On December 26, 1974, Alden Realty Associates, the then owner of the premises, made, executed and delivered its bargain and sale deed conveying the premises to Matthew W. Kanin (Kanin), Alden’s nominee. It is beyond dispute that the deed was delivered in lieu of foreclosure and was made to Alden’s nominee at Alden’s insistence.

Alden did not deliver a satisfaction of the first mortgage to the owners, nor did it surrender the first mortgage or the mortgage note to them. However, on the same day, December 26, 1974, it did deliver to them a notice of discontinuance of the action together with a stipulation of discontinuance with prejudice executed only by the attorneys for Alden and the [548]*548attorney for the owners. A copy of the notice of discontinuance was served on the Corporation Counsel of the City of New York and the United States Attorney on the same day and on Friedman on the following day December 27, 1974.

Alden then moved to discharge the receiver who had been appointed in that action and to vacate the Us pendens.

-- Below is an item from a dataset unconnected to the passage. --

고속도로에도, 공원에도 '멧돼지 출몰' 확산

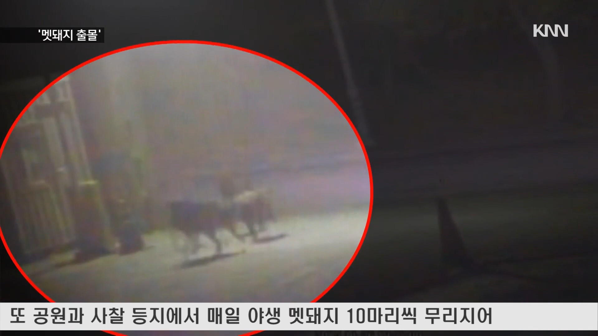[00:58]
또 공원과 사찰 등지에서 매일 야생 멧돼지 10마리씩 물이 지어 출몰한다는 신고도 잇따라 접수되고 있습니다.
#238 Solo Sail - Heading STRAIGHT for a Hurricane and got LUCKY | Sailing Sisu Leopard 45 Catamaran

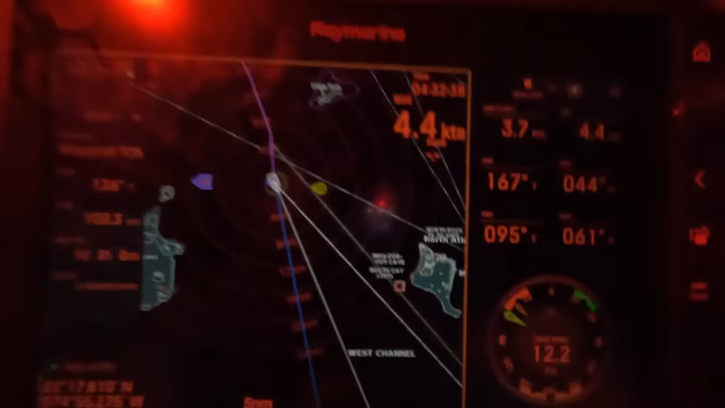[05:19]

The motion was granted by order dated January 17, 1975. In the interim Alden filed the notice of discontinuance in the county clerk’s office.

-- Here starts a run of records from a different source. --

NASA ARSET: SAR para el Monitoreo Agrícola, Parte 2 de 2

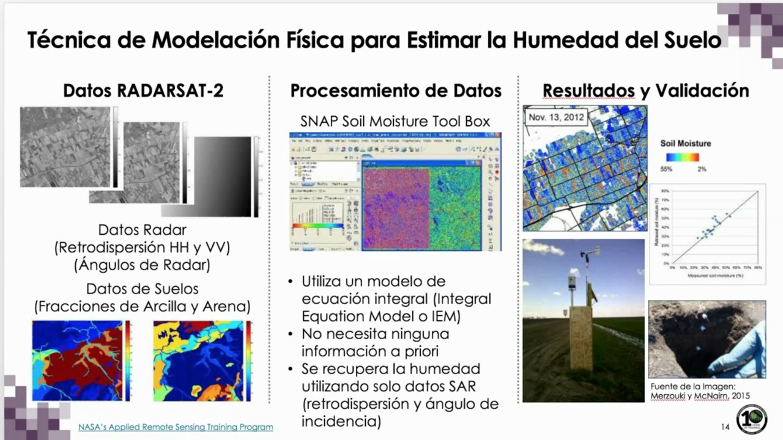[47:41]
cuadrática del RMS y la longitud de correlación de rugosidad para resolver estas tres incógnitas necesitamos al menos tres medidas de retrodispersión si tenemos dos imágenes adquiridas en diferentes ángulos de incidencia y polarizaciones HH y BB pueden usar el modelo IEM para mapear la humedad del suelo
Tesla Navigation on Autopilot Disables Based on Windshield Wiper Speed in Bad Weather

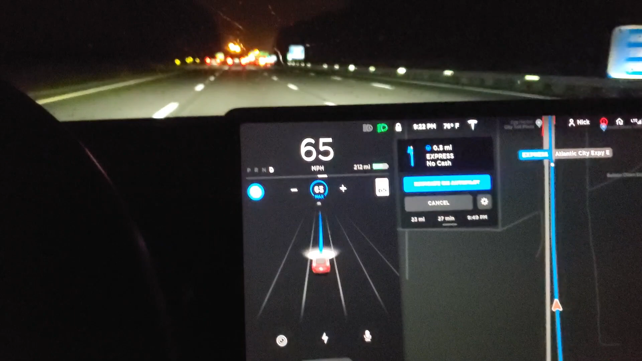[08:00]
I think it can get through on this lane, so it'll probably stay in this lane. It's slowing down because the car in front of us is slowing down. Wow, it's getting over even, it's getting to the far left lane. Interesting because it doesn't really have to get in this lane. I think it's getting two lanes go through the express easy pass.
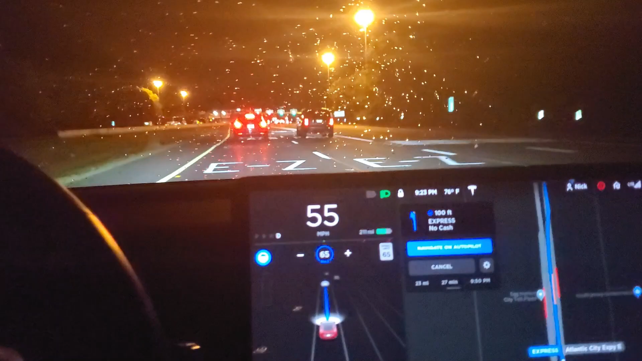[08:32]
So it could have stayed in the right lane here, but it went to the far left lane. And I wonder if it'll get out of the passing lane, and it does. Very cool.

On January 21, 1975, Alden instituted the present foreclosure action for the balance of $2,777,552.13, due on the mortgage, by reason of the nonpayment of the installments of interest and principal and monthly deposits of real estate taxes due for November and December, 1974 and January, 1975.

The issue is whether the first mortgage survived delivery of the deed in lieu of foreclosure on December 26, 1974. There is no merit to Friedman’s contention that delivery of the deed to Alden’s nominee extinguished the mortgage by merger, payment or otherwise. The simple fact that Alden required that the deed run to its nominee, Kanin, undercuts Friedman’s defense. Aside from the fact that the doctrine of merger is not favored in equity, it applies only where the greater estate, the fee, and the lesser estate, the mortgage, are "in one and the same person, at one and the same time and in one and the same right.” (Jemzura v Jemzura, 36 NY2d 496, 502; Curtis v Moore, 152 NY 159; Becker v Snowden Dev. Corp., 66 Misc 2d 1060; Abra Holding Corp. v Jackson, 30 Misc 2d 464.) As these and other cases hold, the issue of merger turns on the intent of the parties as demonstrated by their actions.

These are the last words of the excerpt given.